Birds called invasive Indian Mynas seem to be wreaking havoc in Australia. Researchers discovered that these birds are carrying exotic strands of avian malaria. While the Mynas cannot directly infect other birds, the disease's prevalence could significantly impact other native wildlife.

Avian malaria is caused by a parasite known as Plasmodium relictum, which ultimately destroys red blood cells via reduces oxygen circulation. Parasite carrying mosquitoes spread the parasite to birds who, in turn, passed it to other birds.   

To better understand the range of this disease, researchers from Griffith University observed invasive Indian Mynas in the South East Queensland region of Australia. Nicholas Clark, a Ph.D. candidate in the University's School of Environment, discovered that up to 40 percent of the Mynas in this area carry malaria parasites. Some of these birds were also found to be carriers of more exotics strains of malaria, according to a news release. This puts native birds such as parrots, magpies and butcher birds at an increased risk of infection.

"Malaria parasites are common in Australian birds but through the use of genetic techniques I have discovered they are more diverse than originally thought," Clark said in the release, and added that the malaria parasites found in Australia today most likely came from other countries, but are now being spread by Mynas. "These malaria parasites seem to have little effect on the Mynas but could be harmful to native birds as they come in contact with each other."

Mynas were originally introduced in Australia in the 1800s to control insect populations feeding on local crops.
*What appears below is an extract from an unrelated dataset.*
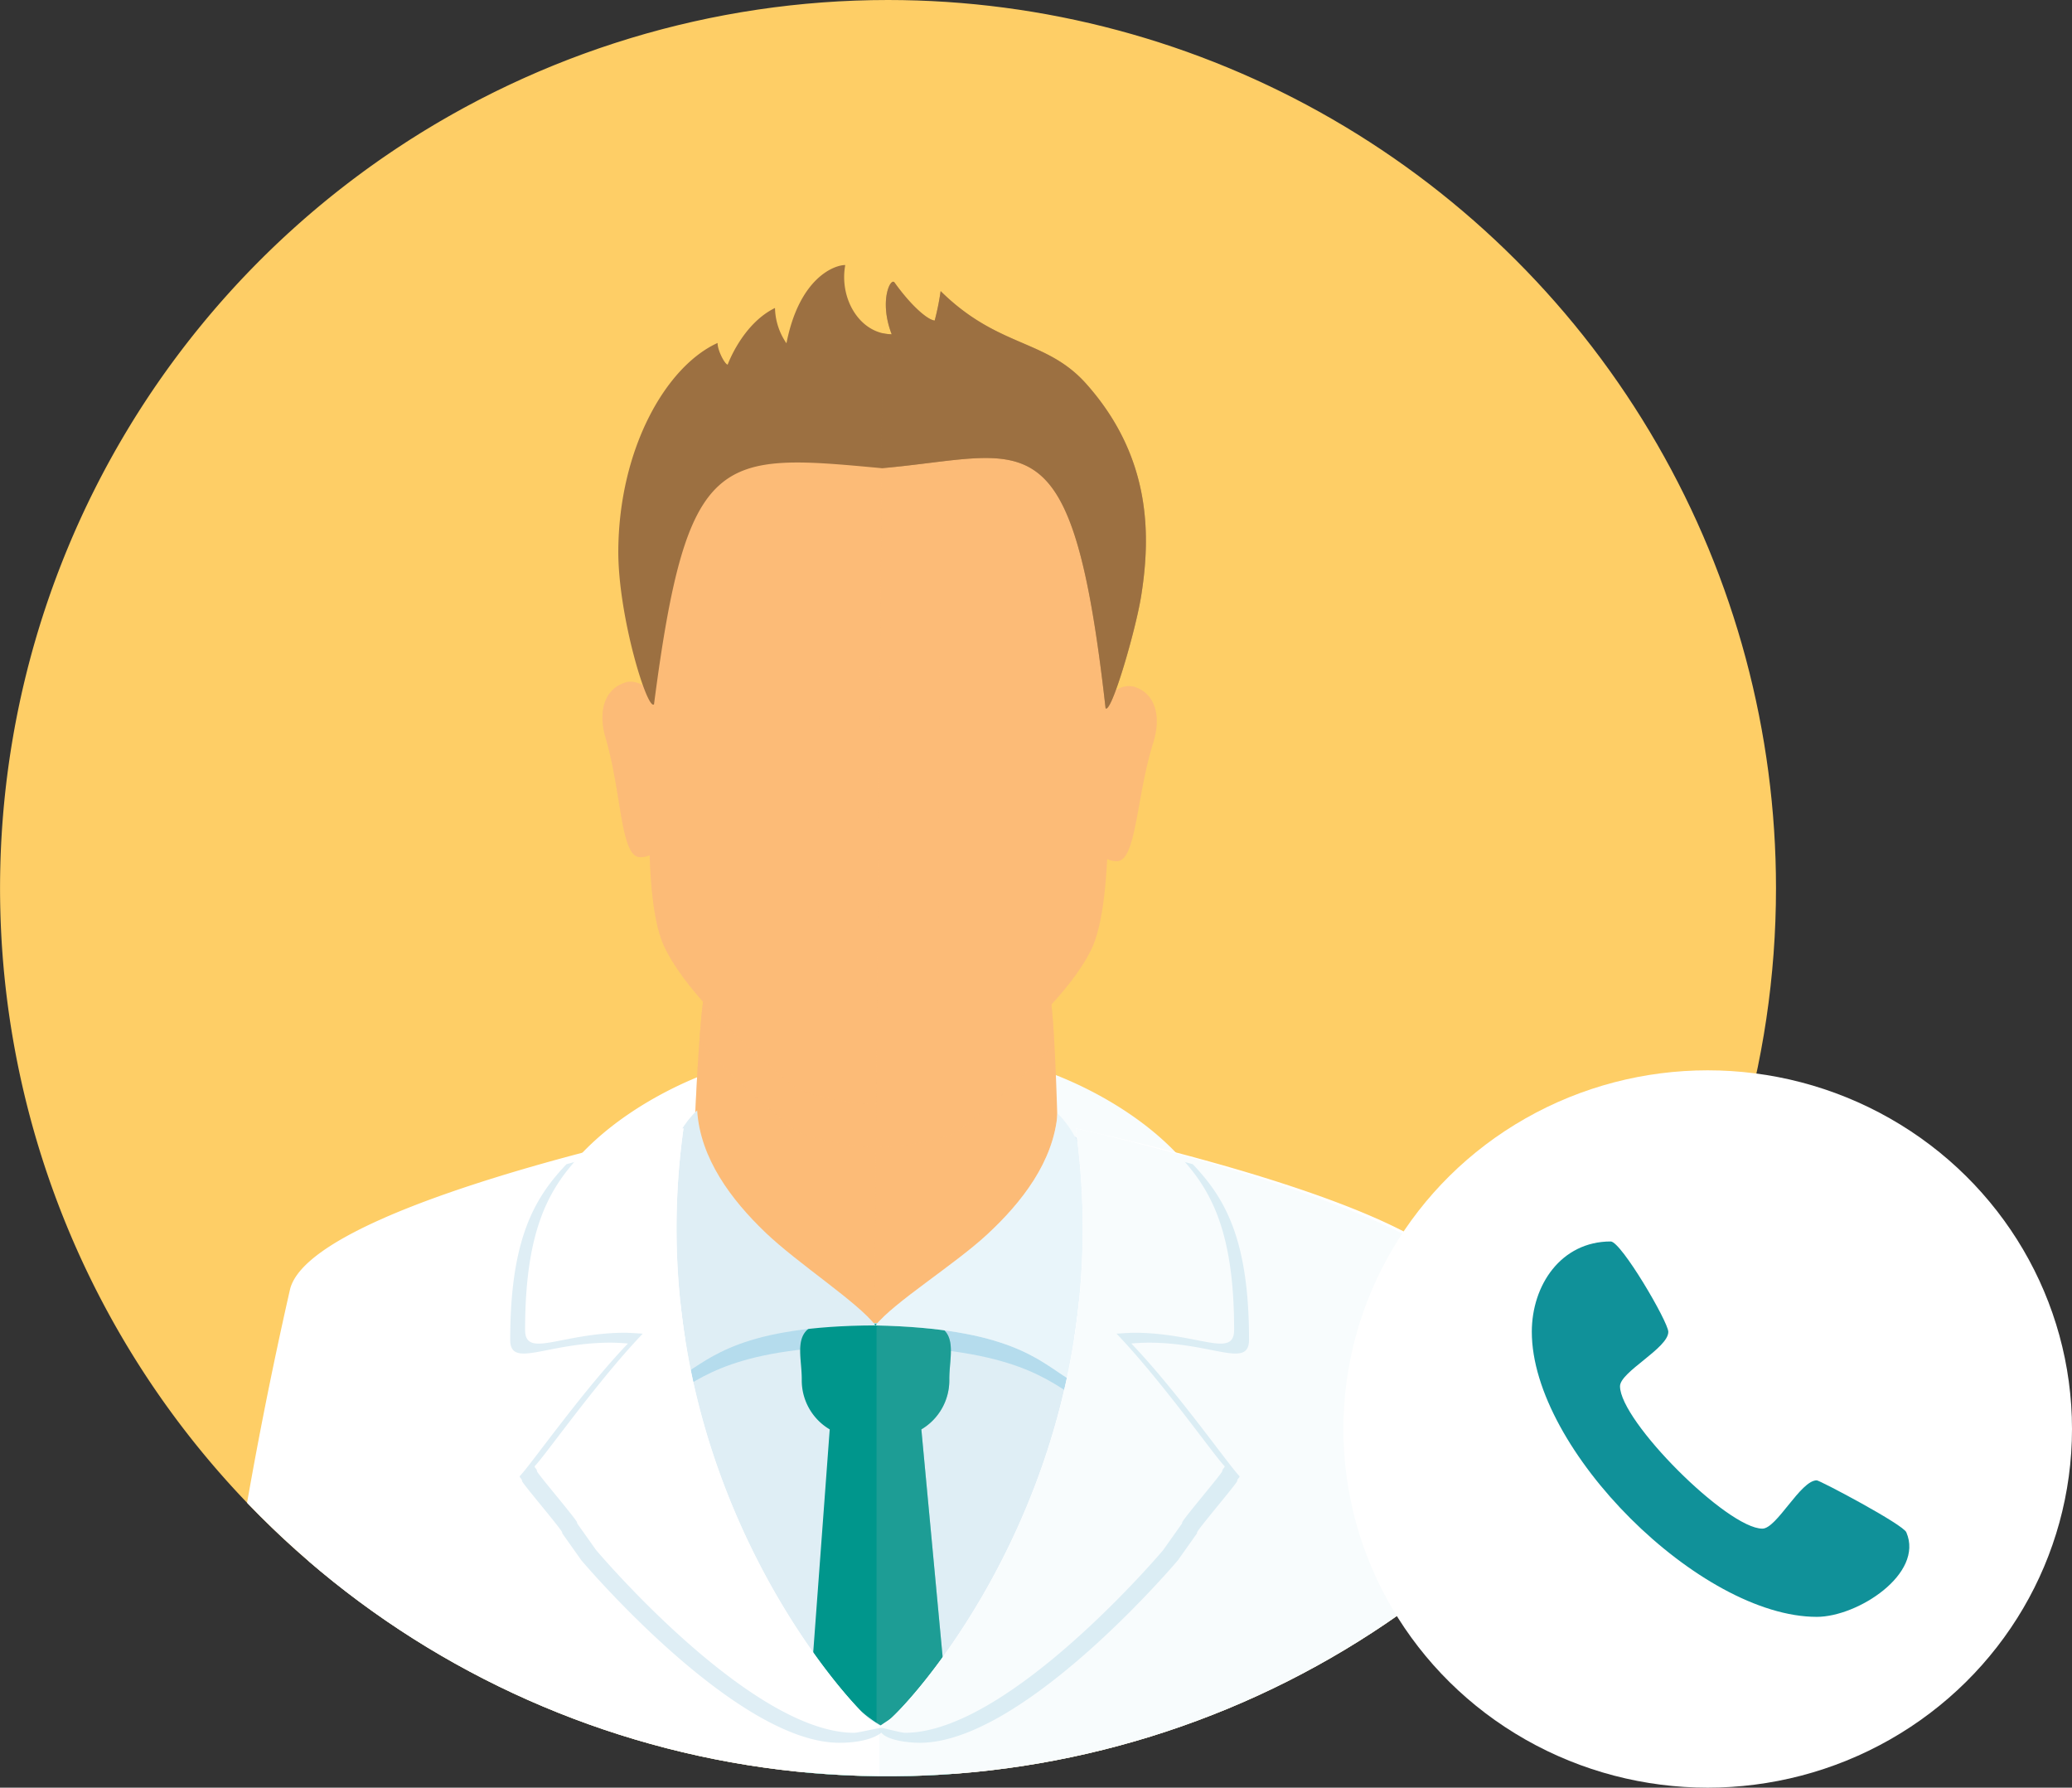 <svg xmlns="http://www.w3.org/2000/svg" width="182" height="157"><rect width="100%" height="100%" fill="#333333" stroke="none"/><defs><clipPath id="a"><path data-name="Rectangle 33908" fill="none" d="M0 0h156.005v156.954H0z"/></clipPath><clipPath id="b"><path data-name="Path 65098" d="M78 0a78 78 0 1 0 78 78A78 78 0 0 0 78 0z" fill="none"/></clipPath><clipPath id="c"><path data-name="Rectangle 33900" fill="none" d="M0 0h30.003v27.337H0z"/></clipPath><clipPath id="d"><path data-name="Rectangle 33901" fill="none" d="M0 0h16.463v29.715H0z"/></clipPath><clipPath id="e"><path data-name="Rectangle 33902" fill="none" d="M0 0h31.176v14.256H0z"/></clipPath><clipPath id="f"><path data-name="Rectangle 33903" fill="none" d="M0 0h24.584v58.521H0z"/></clipPath><clipPath id="g"><path data-name="Rectangle 33904" fill="none" d="M0 0h23.226v37.485H0z"/></clipPath><clipPath id="h"><path data-name="Rectangle 33905" fill="none" d="M0 0h6.874v40.863H0z"/></clipPath><clipPath id="i"><path data-name="Rectangle 33906" fill="none" d="M0 0h19.236v23.286H0z"/></clipPath><clipPath id="j"><path data-name="Rectangle 33907" fill="none" d="M0 0h59.137v57.852H0z"/></clipPath></defs><g data-name="doctor call"><g data-name="Group 72568"><g data-name="Group 72470" clip-path="url(#a)"><g data-name="Group 72469"><g data-name="Group 72468" clip-path="url(#b)"><path data-name="Path 65072" d="M156.005 78A78 78 0 1 1 78 0a78 78 0 0 1 78 78" fill="#fece66"/><path data-name="Path 65073" d="M77.224 120.004c-9.983-1.191-19.022-2.957-22.325-2.957a35.139 35.139 0 0 0-7.071.97c-1.912 0-1.7-.73-1.7-1.232a21.487 21.487 0 0 1 .561-4.721c0-.194-.026-.391-.026-.584 0-12.094 16.4-18.293 19.73-18.293 3.182 0 4.611-.658 10.008-.658h1.65c5.4 0 6.826.658 10.009.658 3.334 0 19.729 6.2 19.729 18.293 0 .193-.025.39-.025.584a21.487 21.487 0 0 1 .561 4.721c0 .5.209 1.232-1.7 1.232a35.124 35.124 0 0 0-7.07-.97c-3.305 0-12.344 1.766-22.325 2.957" fill="#fff"/><g data-name="Group 72446" opacity=".1" style="mix-blend-mode:multiply;isolation:isolate"><g data-name="Group 72445"><g data-name="Group 72444" clip-path="url(#c)" transform="translate(78.325 92.531)"><path data-name="Path 65074" d="M0 0c5.163.023 6.607.656 9.732.656 3.334 0 19.73 6.2 19.73 18.293 0 .194-.026.39-.026.585a21.479 21.479 0 0 1 .561 4.721c0 .5.209 1.231-1.7 1.231a35.125 35.125 0 0 0-7.07-.97c-3.182 0-11.685 1.637-21.224 2.821z" fill="#b5dced"/></g></g></g><path data-name="Path 65075" d="M77.043 89.412a31.257 31.257 0 0 1-14.892-2.936c-.786-.138-1.5 19.351-1.57 27.925 6.845.944 11.065 1.715 16.232 1.789 5.166.015 9.4-.684 16.261-1.509.074-8.573-.3-28.071-1.092-27.948a31.246 31.246 0 0 1-14.94 2.679" fill="#fcbb77"/><g data-name="Group 72449" opacity=".3" style="mix-blend-mode:screen;isolation:isolate"><g data-name="Group 72448"><g data-name="Group 72447" clip-path="url(#d)" transform="translate(60.581 86.475)"><path data-name="Path 65076" d="M0 27.926C.074 19.352.784-.137 1.57.001a31.257 31.257 0 0 0 14.892 2.936l-.23 26.778C11.064 29.641 6.845 28.87 0 27.926" fill="#fcbb77"/></g></g></g><g data-name="Group 72452" opacity=".5" style="mix-blend-mode:multiply;isolation:isolate"><g data-name="Group 72451"><g data-name="Group 72450" clip-path="url(#e)" transform="translate(61.437 86.475)"><path data-name="Path 65077" d="M.714.001a31.246 31.246 0 0 0 14.892 2.936A31.239 31.239 0 0 0 30.546.259c.255-.041.464 1.942.629 4.933a69.331 69.331 0 0 1-8.46 7.675c-.715.559-4.875 1.5-7.207 1.377-2.333.084-6.478-.93-7.182-1.5A69.152 69.152 0 0 1 0 4.925C.217 1.937.46-.042.714.003" fill="#fcbb77"/></g></g></g><path data-name="Path 65078" d="M55.023 59.907a2 2 0 0 1 1.988.812c.153-7.26 1.708-14.133 4.033-17.454 1.963-2.8 7.073-4.867 11.563-4.829 2.253.02 3.808-.013 4.871.4 1.074-.391 2.625-.332 4.878-.313 4.49.038 9.564 2.192 11.477 5.027 2.271 3.362 3.7 10.257 3.732 17.521a2 2 0 0 1 2-.777c1.769.505 2.527 2.4 1.732 4.94-1.5 4.778-1.475 10.409-3.2 10.4a1.87 1.87 0 0 1-.841-.19c-.185 3.383-.57 6.288-1.444 8.04-2.371 4.746-9.28 10.247-11.635 12.1-.714.558-4.873 1.5-7.206 1.379-2.334.083-6.477-.932-7.183-1.5-2.321-1.888-9.136-7.507-11.424-12.293-.841-1.768-1.177-4.678-1.305-8.066a1.851 1.851 0 0 1-.843.176c-1.721-.016-1.6-5.646-3.015-10.448-.754-2.557.039-4.435 1.815-4.911" fill="#fcbb77"/><g data-name="Group 72455" opacity=".3" style="mix-blend-mode:screen;isolation:isolate"><g data-name="Group 72454"><g data-name="Group 72453" clip-path="url(#f)" transform="translate(52.923 38.435)"><path data-name="Path 65079" d="M2.1 21.472a2 2 0 0 1 1.988.812c.153-7.26 1.708-14.133 4.033-17.454 1.963-2.8 7.073-4.867 11.563-4.829 2.253.02 3.808-.013 4.871.4.19-.068-.615.16 0 0l-.508 58.12c-2.333.081-6.468-.933-7.174-1.5-2.321-1.888-9.136-7.507-11.424-12.293-.841-1.768-1.177-4.678-1.305-8.066a1.851 1.851 0 0 1-.843.176c-1.721-.016-1.6-5.646-3.015-10.448-.754-2.557.039-4.435 1.815-4.911" fill="#fcbb77"/></g></g></g><path data-name="Path 65080" d="M63.031 30.12c-.006.668.654 1.9.888 1.9 0 0 1.285-3.572 4.155-4.972a5.667 5.667 0 0 0 1.006 3.1c1.138-5.787 4.238-6.88 5.165-6.871-.546 2.97 1.289 6.057 4.079 6.08-1.131-2.932-.095-5.023.248-4.546 1.418 1.985 2.872 3.276 3.529 3.342a22.463 22.463 0 0 0 .522-2.586c5.077 5.006 9.277 4.189 12.8 8.154 5.8 6.519 5.623 13.472 4.825 18.557-.487 3.091-2.639 10.443-3.136 9.923-2.946-26.174-6.8-22.211-19.653-21.081-14.295-1.334-17.11-1.6-20.012 20.738-.593.592-3.184-7.862-3.136-13.561.077-8.91 4.181-16.111 8.721-18.178" fill="#9c7041"/><g data-name="Group 72458" opacity=".5" style="mix-blend-mode:multiply;isolation:isolate"><g data-name="Group 72457"><g data-name="Group 72456" clip-path="url(#g)" transform="translate(77.428 24.742)"><path data-name="Path 65081" d="M.102 4.514a3.616 3.616 0 0 0 .794.1C-.235 1.682.802-.409 1.144.067c1.418 1.985 2.872 3.276 3.529 3.342A22.4 22.4 0 0 0 5.195.823c5.077 5.006 9.277 4.189 12.8 8.155 5.8 6.519 5.623 13.471 4.825 18.556-.487 3.091-2.639 10.444-3.136 9.923-2.946-26.173-6.8-22.211-19.653-21.081a.214.214 0 0 1-.031 0z" fill="#9c7041"/></g></g></g><path data-name="Path 65082" d="M133.371 156.954a177.951 177.951 0 0 0-8.628-40.863c-1.326-6.819-28.343-14.827-31.184-16.707-1.5 2.61-4.51 17.534-16.917 18.1-12.395-.775-15.153-15.749-16.6-18.384-2.874 1.833-27.222 8.532-29.823 15.116-3.215 24.675-3.855 29.016-6.582 42.743z" fill="#dfeef5"/><path data-name="Path 65083" d="M60.315 99.292c-6.836 6.1-2.014 23.62-1.372 23.261 2.692-1.508 5.506-4.327 17.946-4.366-1.651-2.039-7.2-5.42-10.217-8.153-3.193-2.891-6.07-6.525-6.356-10.742" fill="#b5dced"/><path data-name="Path 65084" d="M93.785 99.58c6.73 6.216 1.607 23.652.971 23.283-2.666-1.558-5.428-4.423-17.868-4.676 1.687-2.012 7.289-5.3 10.357-7.975 3.246-2.838 6.181-6.419 6.54-10.631" fill="#b5dced"/><path data-name="Path 65085" d="m72.881 125.535-2.326 31.42h13.313l-2.939-31.42a5 5 0 0 0 2.457-4.345c-.026-2.763 1.5-5.784-5.044-4.96l-1.438.014-1.437-.014c-6.546-.824-5.019 2.2-5.042 4.96a4.993 4.993 0 0 0 2.457 4.345" fill="#00968c"/><g data-name="Group 72461" opacity=".3" style="mix-blend-mode:multiply;isolation:isolate"><g data-name="Group 72460"><g data-name="Group 72459" clip-path="url(#h)" transform="translate(76.994 116.091)"><path data-name="Path 65086" d="M6.874 40.863 3.935 9.443a5.006 5.006 0 0 0 2.457-4.345c-.026-2.763 1.5-5.784-5.044-4.96L0 .15v40.713z" fill="#61b0aa"/></g></g></g><path data-name="Path 65087" d="M61.237 97.514c-6.47 6.1-1.916 23.623-1.31 23.262 2.548-1.511 5.209-4.33 16.977-4.373-1.559-2.042-6.806-5.418-9.66-8.15-3.021-2.89-5.74-6.521-6.007-10.739" fill="#dfeef5"/><path data-name="Path 65088" d="M92.894 97.788c6.367 6.212 1.51 23.652.909 23.28-2.521-1.554-5.133-4.419-16.9-4.664 1.6-2.014 6.9-5.3 9.8-7.981 3.068-2.839 5.849-6.421 6.188-10.635" fill="#fff"/><g data-name="Group 72464" opacity=".3" style="mix-blend-mode:multiply;isolation:isolate"><g data-name="Group 72463"><g data-name="Group 72462" clip-path="url(#i)" transform="translate(76.904 97.788)"><path data-name="Path 65089" d="M15.99 0c6.367 6.212 1.51 23.652.909 23.28-2.521-1.554-5.133-4.419-16.9-4.664 1.6-2.014 6.9-5.3 9.8-7.981C12.867 7.796 15.648 4.214 15.987 0" fill="#b5dced"/></g></g></g><path data-name="Path 65090" d="M136.36 156.954a381.368 381.368 0 0 0-7.3-43.688c-1.605-6.894-30.882-13.356-34.566-14.171 4.143 29.738-13.908 49.91-16.467 52.032a1.975 1.975 0 0 1-.762.582 1.979 1.979 0 0 1-.76-.582c-2.559-2.121-20.611-22.294-16.468-52.032-3.685.815-32.962 7.277-34.568 14.171a381.877 381.877 0 0 0-7.3 43.688z" fill="#fff"/><path data-name="Path 65091" d="M44.816 117.657c0-8.951 2.189-12.508 4.94-15.41 4.352-1.208 7.837-2.027 8.977-2.279a62.957 62.957 0 0 0-.286 15.183c.059.593.131 1.18.206 1.76.011.074.02.149.03.223 2.611 19.323 14.938 32.586 19.007 34.574 0 .523-1.333 1.35-3.961 1.35-9.146 0-22.668-16.032-22.668-16.032l-1.677-2.369v-.063c0-.221-3.527-4.338-3.527-4.521s-.206-.293-.206-.4a.091.091 0 0 1 .03-.064c.86-.86 5.509-7.479 9.474-11.615a18.433 18.433 0 0 0-1.494-.077c-5.667 0-8.846 2.317-8.846-.261" fill="#dfeef5"/><path data-name="Path 65092" d="M109.712 117.657c0-8.951-2.189-12.508-4.94-15.41-4.35-1.208-7.838-2.027-8.976-2.279a63 63 0 0 1 .287 15.183c-.06.593-.131 1.18-.207 1.76l-.029.223c-2.612 19.323-15.129 32.392-18.594 34.574-.041 1.058 2.35 1.35 3.546 1.35 9.146 0 22.668-16.032 22.668-16.032l1.677-2.369v-.063c0-.221 3.526-4.338 3.526-4.521s.206-.293.206-.4a.091.091 0 0 0-.03-.064c-.858-.86-5.506-7.479-9.473-11.615a18.41 18.41 0 0 1 1.493-.077c5.667 0 8.845 2.317 8.845-.261" fill="#dfeef5"/><path data-name="Path 65093" d="M54.969 117.046c-5.667 0-8.845 2.316-8.845-.261 0-8.952 2.189-12.509 4.94-15.411 4.35-1.206 7.837-2.028 8.977-2.28a62.843 62.843 0 0 0 .139 18.472 44.321 44.321 0 0 0-5.21-.52" fill="#fff"/><path data-name="Path 65094" d="M99.557 117.046c5.667 0 8.846 2.316 8.846-.261 0-8.952-2.189-12.509-4.94-15.411-4.352-1.206-7.837-2.028-8.976-2.28a62.926 62.926 0 0 1-.138 18.472 44.26 44.26 0 0 1 5.208-.52" fill="#fff"/><path data-name="Path 65095" d="m52.37 136.15-1.676-2.365v-.065c0-.221-3.529-4.337-3.529-4.521s-.2-.293-.2-.4a.087.087 0 0 1 .029-.065c1.118-1.118 8.667-12.012 12.763-14.46 2.1 20.432 13.686 34 16.456 36.584.3.265 1.487.883 1.271.883-.307 0-2.129.441-2.444.441-9.146 0-22.667-16.034-22.667-16.034" fill="#fff"/><path data-name="Path 65096" d="m102.16 136.15 1.675-2.365v-.065c0-.221 3.527-4.337 3.527-4.521s.209-.293.209-.4a.1.1 0 0 0-.032-.065c-1.119-1.118-8.666-12.012-12.763-14.46-2.1 20.432-13.686 34-16.456 36.584-.291.272-1.275.8-1.066.847.884.181 1.925.477 2.236.477 9.148 0 22.671-16.034 22.671-16.034" fill="#fff"/><g data-name="Group 72467" opacity=".1" style="mix-blend-mode:multiply;isolation:isolate"><g data-name="Group 72466"><g data-name="Group 72465" clip-path="url(#j)" transform="translate(77.224 99.102)"><path data-name="Path 65097" d="M59.137 57.852a381.387 381.387 0 0 0-7.3-43.688 3.865 3.865 0 0 0-.762-1.481C45.336 6.613 20.802.776 17.275 0 21.416 29.733 3.366 49.9.808 52.025a1.975 1.975 0 0 1-.762.582c-.014-.005-.03-.014-.045-.02v5.265z" fill="#b5dced"/></g></g></g></g></g></g></g><g data-name="Group 72569" transform="translate(117.821 93.58)"><ellipse data-name="Ellipse 7773" cx="32" cy="31.5" rx="32" ry="31.5" transform="translate(.179 .42)" fill="#fff"/><path data-name="Path 63294" d="M41.757 48.419c-10.217 0-25.027-14.663-25.027-25.033 0-4.095 2.56-7.935 6.932-7.935.918 0 5.058 7.068 5.058 7.94 0 1.427-4.242 3.512-4.242 4.774 0 3.07 9.436 12.506 12.506 12.506 1.263 0 3.347-4.242 4.774-4.242.266 0 7.646 3.9 7.872 4.571 1.563 3.636-4.27 7.419-7.872 7.419z" fill="#109199" fill-rule="evenodd"/></g></g></svg>

The birds quickly established themselves and radiated throughout the south-east coasts of Australia. Now, they are considered an aggressive pest that could have potentially devastating effects on biodiversity as they increase competition for food and nesting sites.  

"Mynas are known to impact native birds by driving them away from nesting sites, but my work suggests they are also exposing our natives to new diseases," Clark added. "I believe we as a society, have under estimated the threat they can cause."

While avian malaria cannot be spread to people, Clark is making sure to investigate other invasive species and the non-native diseases they carry that could put humans at risk.

The study was recently published in the International Journal for Parasitology.